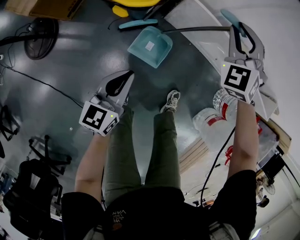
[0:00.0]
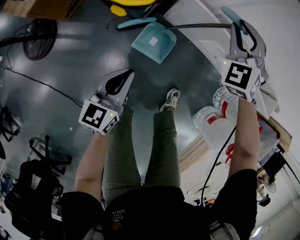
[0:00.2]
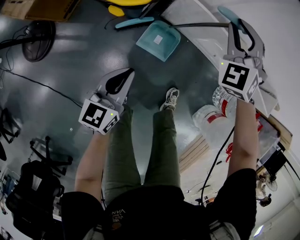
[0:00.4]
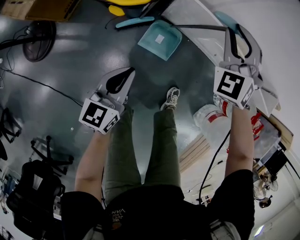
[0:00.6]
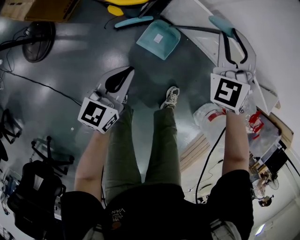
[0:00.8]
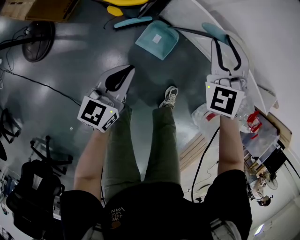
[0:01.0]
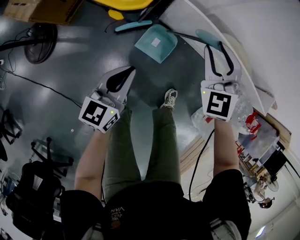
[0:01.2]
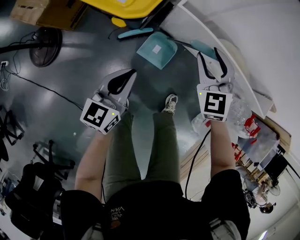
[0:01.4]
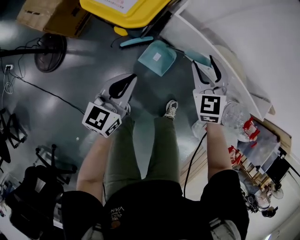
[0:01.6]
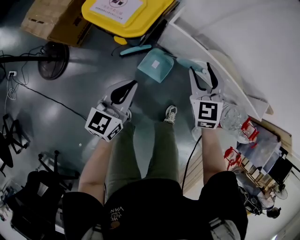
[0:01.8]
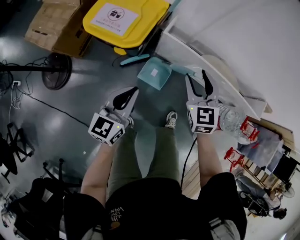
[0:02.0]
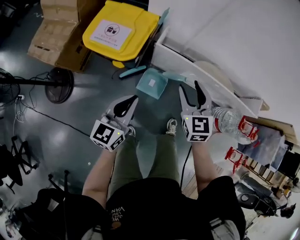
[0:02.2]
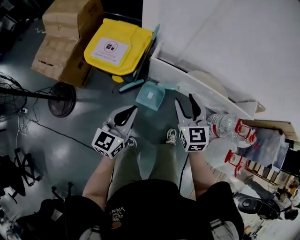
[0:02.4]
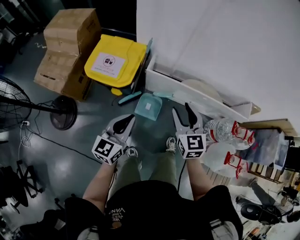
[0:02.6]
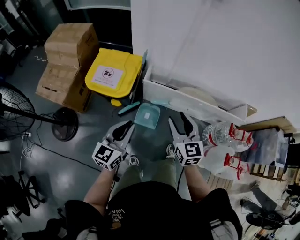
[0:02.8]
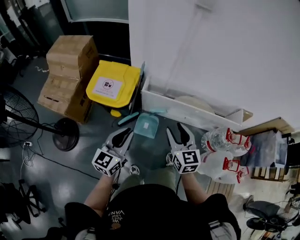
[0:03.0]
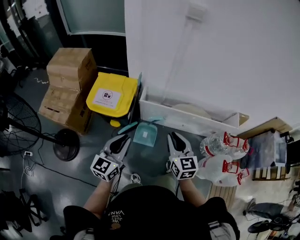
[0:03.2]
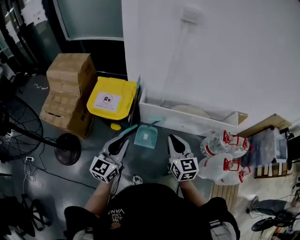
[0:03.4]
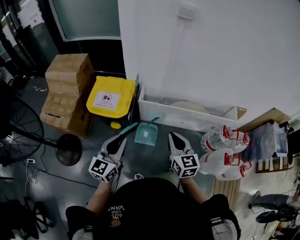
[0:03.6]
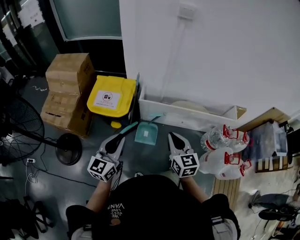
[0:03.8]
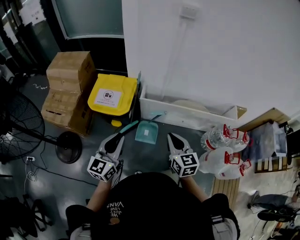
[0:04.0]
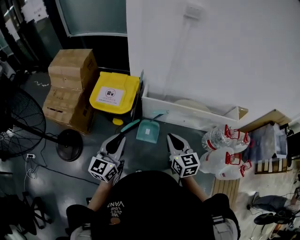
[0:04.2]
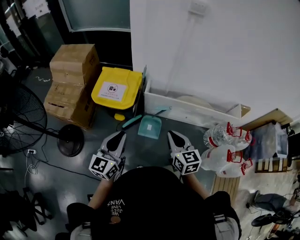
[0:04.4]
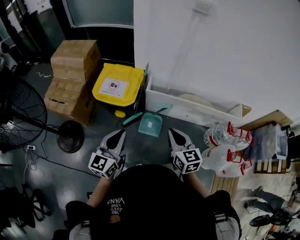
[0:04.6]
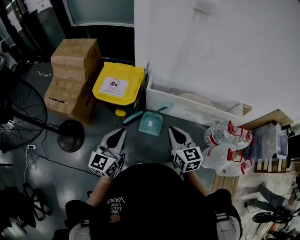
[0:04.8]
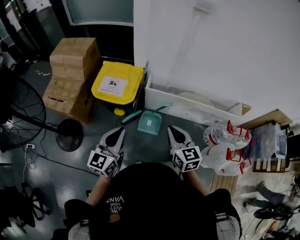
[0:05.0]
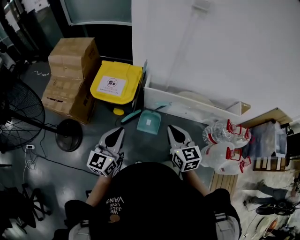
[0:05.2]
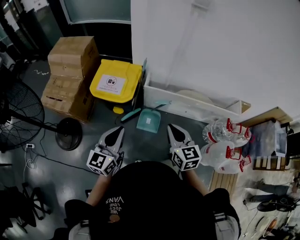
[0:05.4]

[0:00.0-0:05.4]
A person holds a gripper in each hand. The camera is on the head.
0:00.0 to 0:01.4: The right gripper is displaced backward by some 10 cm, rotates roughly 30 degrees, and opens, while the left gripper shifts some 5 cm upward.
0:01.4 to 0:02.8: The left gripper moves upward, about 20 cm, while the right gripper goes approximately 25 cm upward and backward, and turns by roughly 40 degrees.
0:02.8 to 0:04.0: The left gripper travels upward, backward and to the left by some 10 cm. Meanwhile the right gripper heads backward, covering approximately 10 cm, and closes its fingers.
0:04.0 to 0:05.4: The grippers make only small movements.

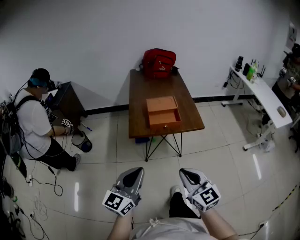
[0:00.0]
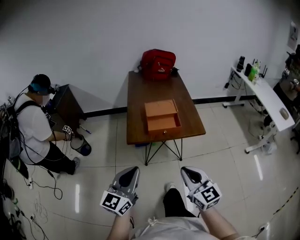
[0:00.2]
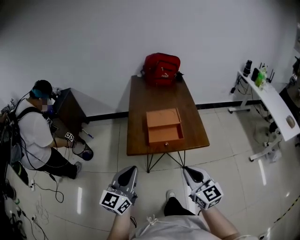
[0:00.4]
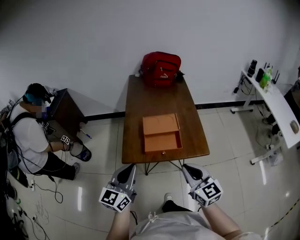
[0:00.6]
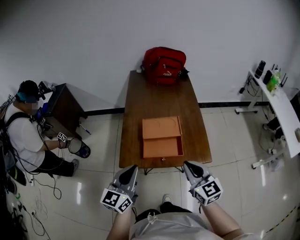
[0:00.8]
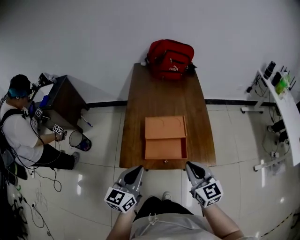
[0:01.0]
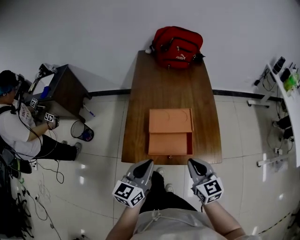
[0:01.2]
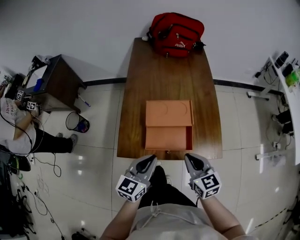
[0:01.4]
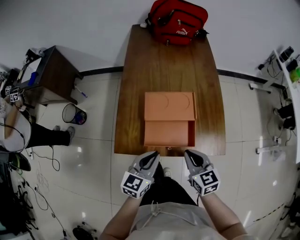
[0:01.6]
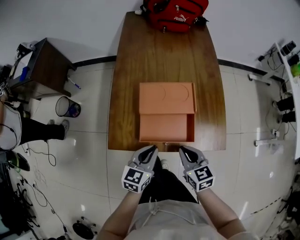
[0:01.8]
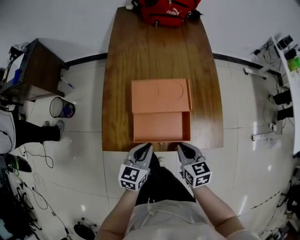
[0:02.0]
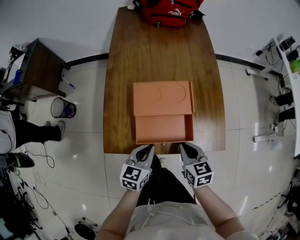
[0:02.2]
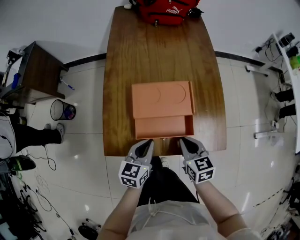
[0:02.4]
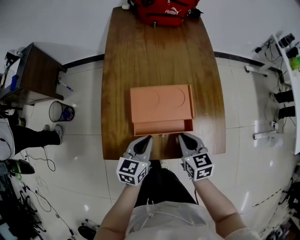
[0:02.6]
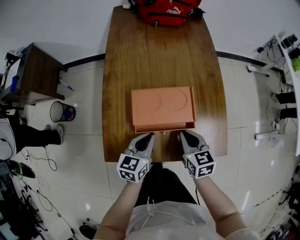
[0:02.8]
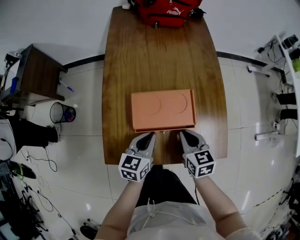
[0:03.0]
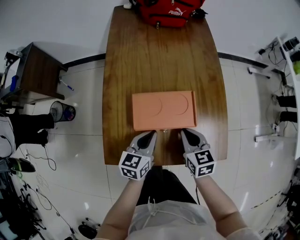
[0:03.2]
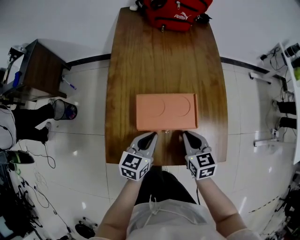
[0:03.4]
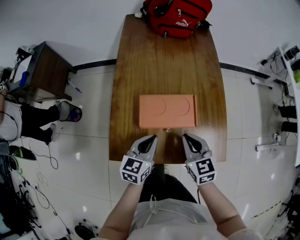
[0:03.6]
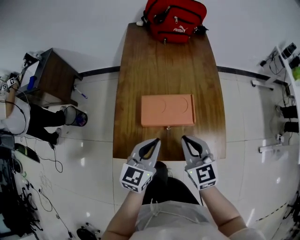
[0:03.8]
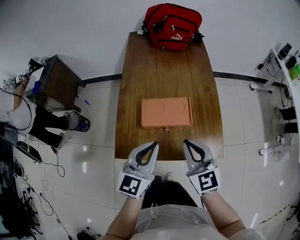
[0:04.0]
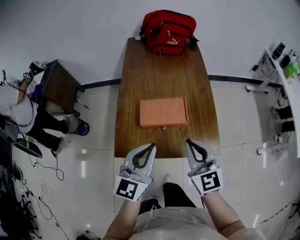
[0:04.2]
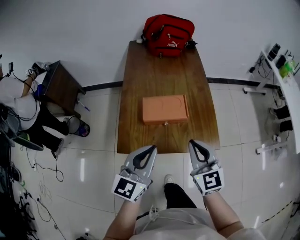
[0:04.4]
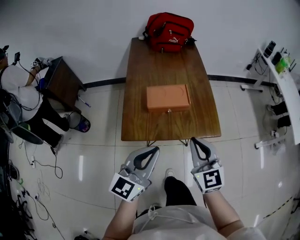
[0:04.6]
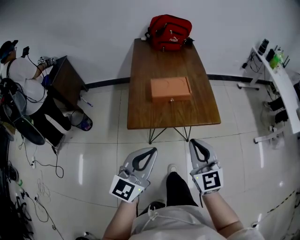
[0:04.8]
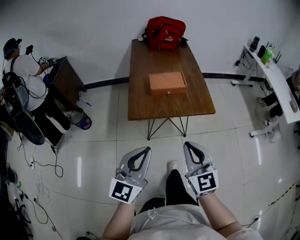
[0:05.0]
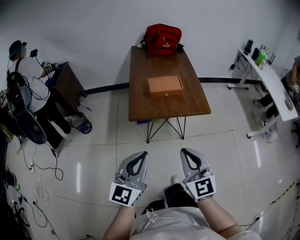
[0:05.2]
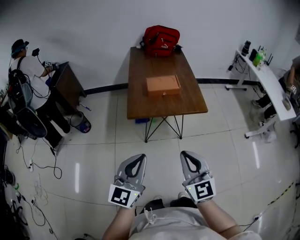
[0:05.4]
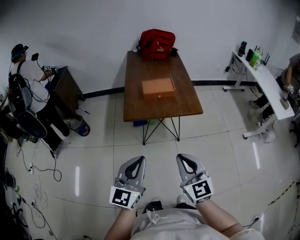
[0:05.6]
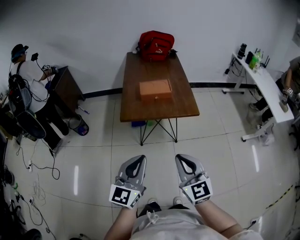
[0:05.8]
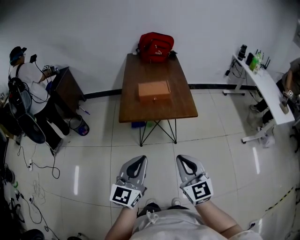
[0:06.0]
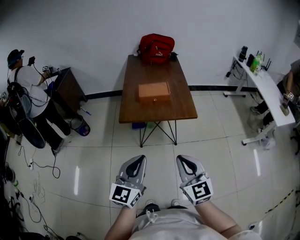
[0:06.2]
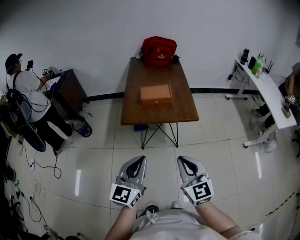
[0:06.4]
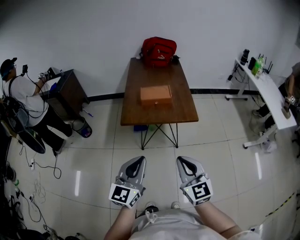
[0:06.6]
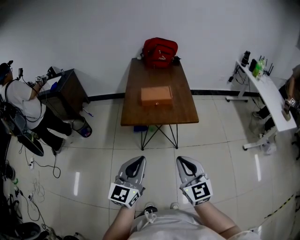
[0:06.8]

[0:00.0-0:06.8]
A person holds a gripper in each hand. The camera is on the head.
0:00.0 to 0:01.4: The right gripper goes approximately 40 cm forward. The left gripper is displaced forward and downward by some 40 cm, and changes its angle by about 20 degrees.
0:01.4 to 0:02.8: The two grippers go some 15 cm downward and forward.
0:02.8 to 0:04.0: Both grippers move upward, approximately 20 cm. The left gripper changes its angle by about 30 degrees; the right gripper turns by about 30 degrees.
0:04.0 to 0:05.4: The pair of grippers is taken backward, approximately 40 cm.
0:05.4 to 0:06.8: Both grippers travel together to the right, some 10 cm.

________________

→ **YOUR TASK**
Wherever an image sits in the data, omit it; everything else must be copied exactly.

→ **EXERCISE SOLUTION**
[0:00.0]
[0:00.2]
[0:00.4]
[0:00.6]
[0:00.8]
[0:01.0]
[0:01.2]
[0:01.4]
[0:01.6]
[0:01.8]
[0:02.0]
[0:02.2]
[0:02.4]
[0:02.6]
[0:02.8]
[0:03.0]
[0:03.2]
[0:03.4]
[0:03.6]
[0:03.8]
[0:04.0]
[0:04.2]
[0:04.4]
[0:04.6]
[0:04.8]
[0:05.0]
[0:05.2]
[0:05.4]

[0:00.0-0:05.4]
A person holds a gripper in each hand. The camera is on the head.
0:00.0 to 0:01.4: The right gripper is displaced backward by some 10 cm, rotates roughly 30 degrees, and opens, while the left gripper shifts some 5 cm upward.
0:01.4 to 0:02.8: The left gripper moves upward, about 20 cm, while the right gripper goes approximately 25 cm upward and backward, and turns by roughly 40 degrees.
0:02.8 to 0:04.0: The left gripper travels upward, backward and to the left by some 10 cm. Meanwhile the right gripper heads backward, covering approximately 10 cm, and closes its fingers.
0:04.0 to 0:05.4: The grippers make only small movements.

[0:00.0]
[0:00.2]
[0:00.4]
[0:00.6]
[0:00.8]
[0:01.0]
[0:01.2]
[0:01.4]
[0:01.6]
[0:01.8]
[0:02.0]
[0:02.2]
[0:02.4]
[0:02.6]
[0:02.8]
[0:03.0]
[0:03.2]
[0:03.4]
[0:03.6]
[0:03.8]
[0:04.0]
[0:04.2]
[0:04.4]
[0:04.6]
[0:04.8]
[0:05.0]
[0:05.2]
[0:05.4]
[0:05.6]
[0:05.8]
[0:06.0]
[0:06.2]
[0:06.4]
[0:06.6]
[0:06.8]

[0:00.0-0:06.8]
A person holds a gripper in each hand. The camera is on the head.
0:00.0 to 0:01.4: The right gripper goes approximately 40 cm forward. The left gripper is displaced forward and downward by some 40 cm, and changes its angle by about 20 degrees.
0:01.4 to 0:02.8: The two grippers go some 15 cm downward and forward.
0:02.8 to 0:04.0: Both grippers move upward, approximately 20 cm. The left gripper changes its angle by about 30 degrees; the right gripper turns by about 30 degrees.
0:04.0 to 0:05.4: The pair of grippers is taken backward, approximately 40 cm.
0:05.4 to 0:06.8: Both grippers travel together to the right, some 10 cm.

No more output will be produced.